I was adamantly #teamnokids until God placed my husband in my path.
He is clearly a huge fan. He’s a teacher and he loves children.
I watch him play with kids and it’s like watching aliens run around lol, I just don’t get it?
We had a daycare in my house growing up and kids just looked like work to me.
Dirty, crying, nonsense spouting, work.
It was a conversation we had when we got married, it was a deal breaker, and I knew that going in, so I was prepared to have kids, if we were both healthy and able.
It is not a secret that whatever the opposite of excitement and joy are, were my reaction to being pregnant, for quite a few months.
All I could picture was spending the rest of my life being fat, broke, tired, constantly overworked, and probably never having sex again 😛
I don’t know if you know this ladies, but ya’ll complain a lot and it’s not good sales pitch for #momlife hahaha!!!
All day I help women who totally gave up their lives for their families.
They are sad, lost and beaten down. It’s scary!
I felt stuck. Totally trapped. Very much like my life was over.
The thing is, I have spent the last 5 years building up this incredible professional (and social) circle of women.
These amazing examples of motherhood, who are also gorgeous, wealthy, successful, and at the rate they keep having kids, clearly still having sex ???
I look around and I see my amazing friends, who still “have it all” and I have to ask myself:
Why not me?
What is so wrong with me that doing something, that women do all the time, is going to break me?
Why would the existence of another human, alter my natural personality SO much, that all of a sudden who I am will disappear?
I refuse to believe that anymore.
THAT IS A CHOICE.
I will not accept that all of sudden I wont be passionate about where my food comes from, or find my greatest comfort in my gym shoes.
I do not believe that my history with constant improvement, and dedication to success, will just disappear.
I am not buying into the idea that international travel is something I now have to put off for retirement years.
I will absolutely not settle for financial mediocrity.
I can do this.
THERE IS TOO MUCH PROOF AROUND ME THAT EVERYTHING IS STILL POSSIBLE!!!

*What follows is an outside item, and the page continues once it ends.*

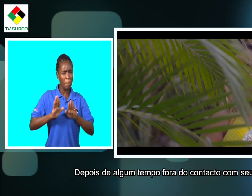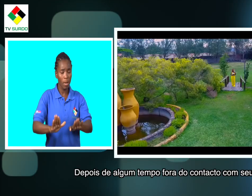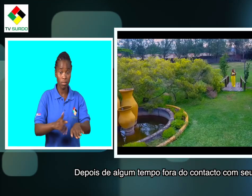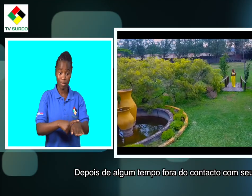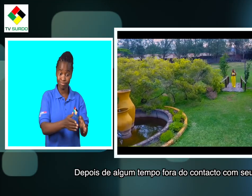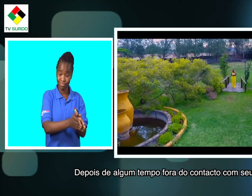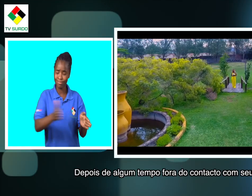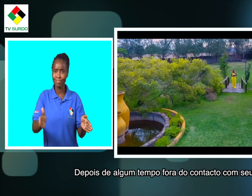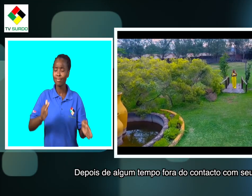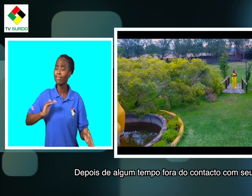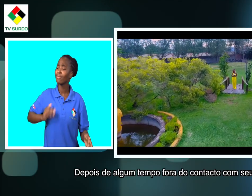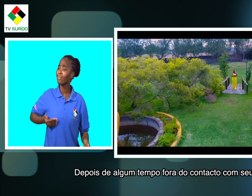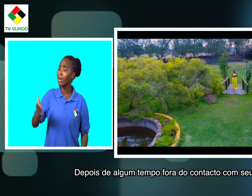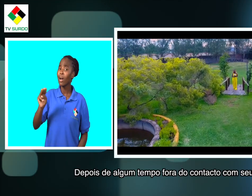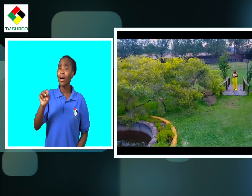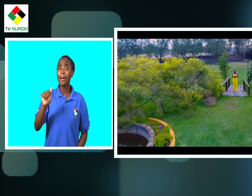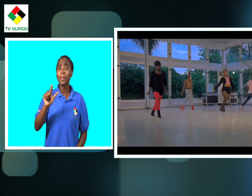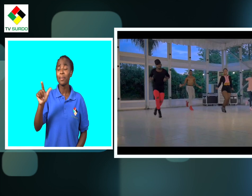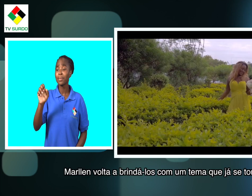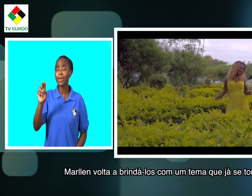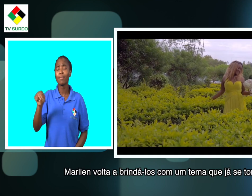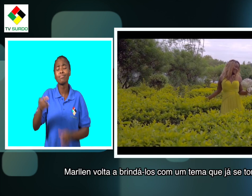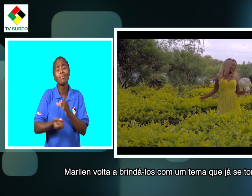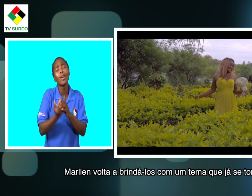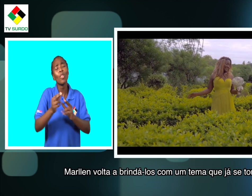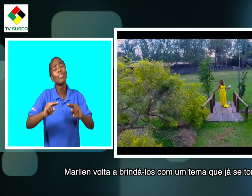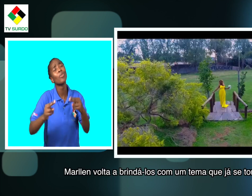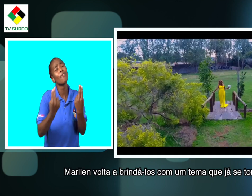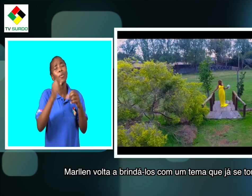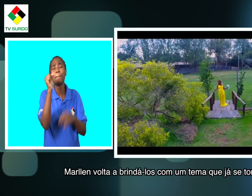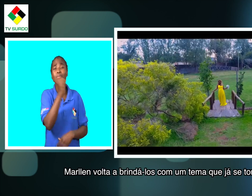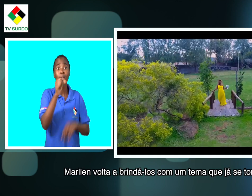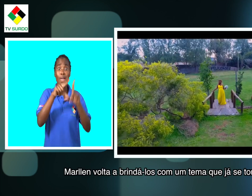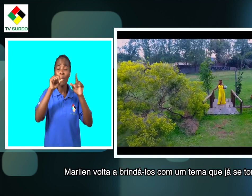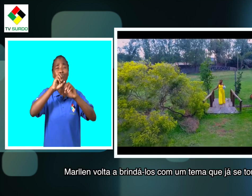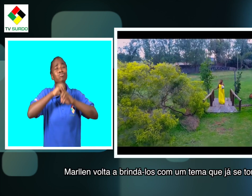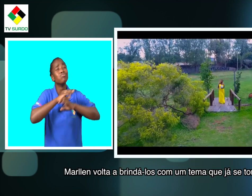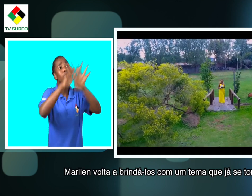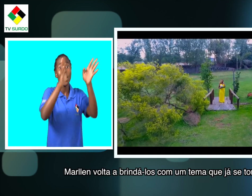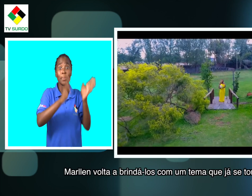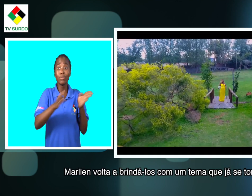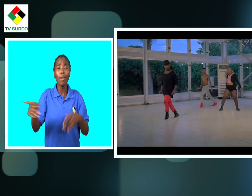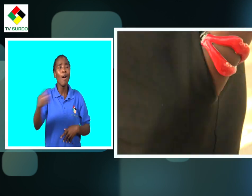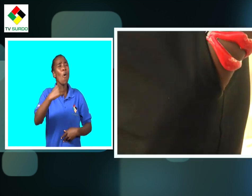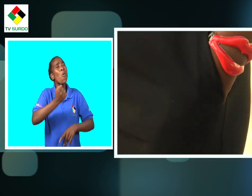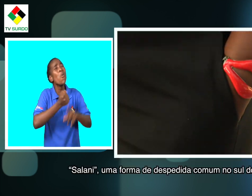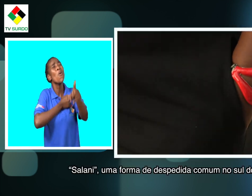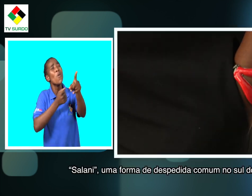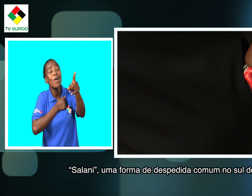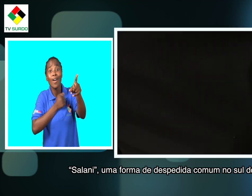Depois de algum tempo fora do contato com seus fãs, Marlene volta a brindá-los com um tema que já se torna viral. Salane,

My girl Dani has two gorgeous daughters, and a thriving Life Coaching business.
My childhood BFF Carrie, is pregnant with her 3rd, and is owning the WA real estate market, like a boss.
The amazing Brooke is my daily inspiration, using her unexpected weight gain while pregnant, to massively fuel her fitness business, and inspiring the hell out of me.
My long time Coach friend Stephanie, has baby #4 on the way, and is a millionaire club member, has been Elite every year, and just built her dream home.
Jen had two boys, at just about my age now, and continued to kick a$$ in the San Diego marketing space, and looking hot while doing it.
This is for sure a HUGE THANK YOU to all the women in my life, who keep chasing their dreams. Your impact is far more than you know 😀
I could go on all day about the women in my life that have shown me THAT I WILL STILL BE ME when this is all said and done.
Period of adjustment? Yes.
Lots of challenge, growth, and new perspective? Uh yeah dude.
Still myself at the core? Absolutely.
I have no delusions that parenthood is easy. I also no longer have the delusion that I cannot do hard things well.
Challenge IS WHAT I DO.
I live for hard.
I thrive in a fight.
The harder it comes the more inspired I get.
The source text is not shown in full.